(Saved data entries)
>>>>

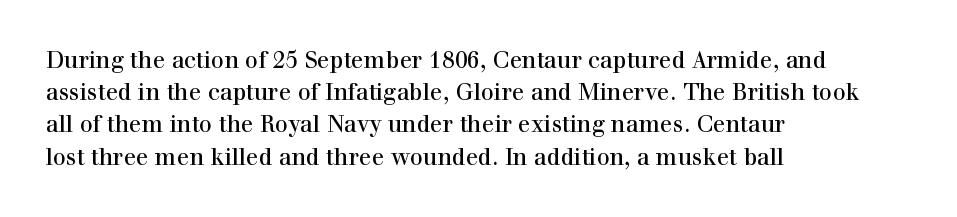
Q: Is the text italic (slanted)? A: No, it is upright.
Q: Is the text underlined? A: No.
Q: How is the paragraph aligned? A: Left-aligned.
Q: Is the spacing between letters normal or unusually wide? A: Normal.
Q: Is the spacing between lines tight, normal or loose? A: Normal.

<<<<

■ Work instructions
You need to restate all of the entries above exactly and leave the pictures behind.

■ Response to this task
Q: Is the text italic (slanted)? A: No, it is upright.
Q: Is the text underlined? A: No.
Q: How is the paragraph aligned? A: Left-aligned.
Q: Is the spacing between letters normal or unusually wide? A: Normal.
Q: Is the spacing between lines tight, normal or loose? A: Normal.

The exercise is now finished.